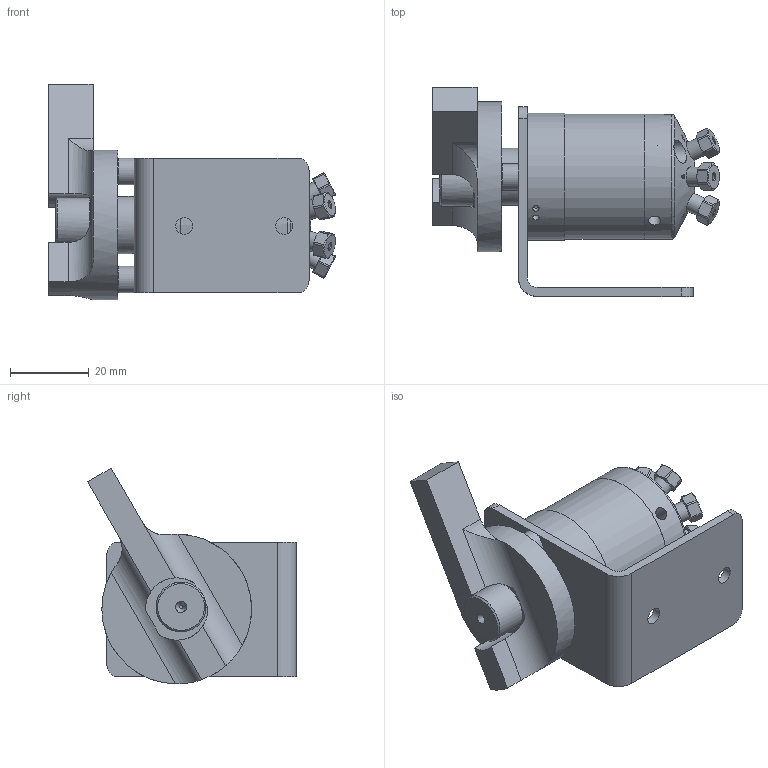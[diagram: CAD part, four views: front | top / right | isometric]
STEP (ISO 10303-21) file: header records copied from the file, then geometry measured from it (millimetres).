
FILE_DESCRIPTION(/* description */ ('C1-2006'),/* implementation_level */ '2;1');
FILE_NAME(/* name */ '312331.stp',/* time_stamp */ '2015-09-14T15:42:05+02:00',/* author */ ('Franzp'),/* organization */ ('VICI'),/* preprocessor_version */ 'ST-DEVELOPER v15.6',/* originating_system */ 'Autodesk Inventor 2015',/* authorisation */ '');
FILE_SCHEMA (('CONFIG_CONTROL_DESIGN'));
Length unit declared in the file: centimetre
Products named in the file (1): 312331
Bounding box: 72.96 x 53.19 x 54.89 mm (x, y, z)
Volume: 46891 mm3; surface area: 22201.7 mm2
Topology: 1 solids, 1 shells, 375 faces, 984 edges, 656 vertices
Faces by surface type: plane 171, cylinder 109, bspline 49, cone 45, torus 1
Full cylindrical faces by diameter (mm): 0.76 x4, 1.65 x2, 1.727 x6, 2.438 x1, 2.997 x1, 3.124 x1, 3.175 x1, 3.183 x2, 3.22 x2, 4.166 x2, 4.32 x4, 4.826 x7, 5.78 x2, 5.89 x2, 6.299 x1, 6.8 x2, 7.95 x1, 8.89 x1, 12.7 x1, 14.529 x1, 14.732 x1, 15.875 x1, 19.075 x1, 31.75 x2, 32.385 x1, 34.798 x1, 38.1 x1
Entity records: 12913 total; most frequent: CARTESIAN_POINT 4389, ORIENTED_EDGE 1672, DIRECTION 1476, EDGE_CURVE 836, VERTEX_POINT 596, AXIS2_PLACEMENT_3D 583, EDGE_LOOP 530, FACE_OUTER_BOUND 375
• • • • •
■ BRIEF ■
Your task is to transcribe exactly the lines from the one with "Full cylindrical faces" through the end of the data, both included, and nothing besides.

■ RESULT OF THIS TASK ■
Full cylindrical faces by diameter (mm): 0.76 x4, 1.65 x2, 1.727 x6, 2.438 x1, 2.997 x1, 3.124 x1, 3.175 x1, 3.183 x2, 3.22 x2, 4.166 x2, 4.32 x4, 4.826 x7, 5.78 x2, 5.89 x2, 6.299 x1, 6.8 x2, 7.95 x1, 8.89 x1, 12.7 x1, 14.529 x1, 14.732 x1, 15.875 x1, 19.075 x1, 31.75 x2, 32.385 x1, 34.798 x1, 38.1 x1
Entity records: 12913 total; most frequent: CARTESIAN_POINT 4389, ORIENTED_EDGE 1672, DIRECTION 1476, EDGE_CURVE 836, VERTEX_POINT 596, AXIS2_PLACEMENT_3D 583, EDGE_LOOP 530, FACE_OUTER_BOUND 375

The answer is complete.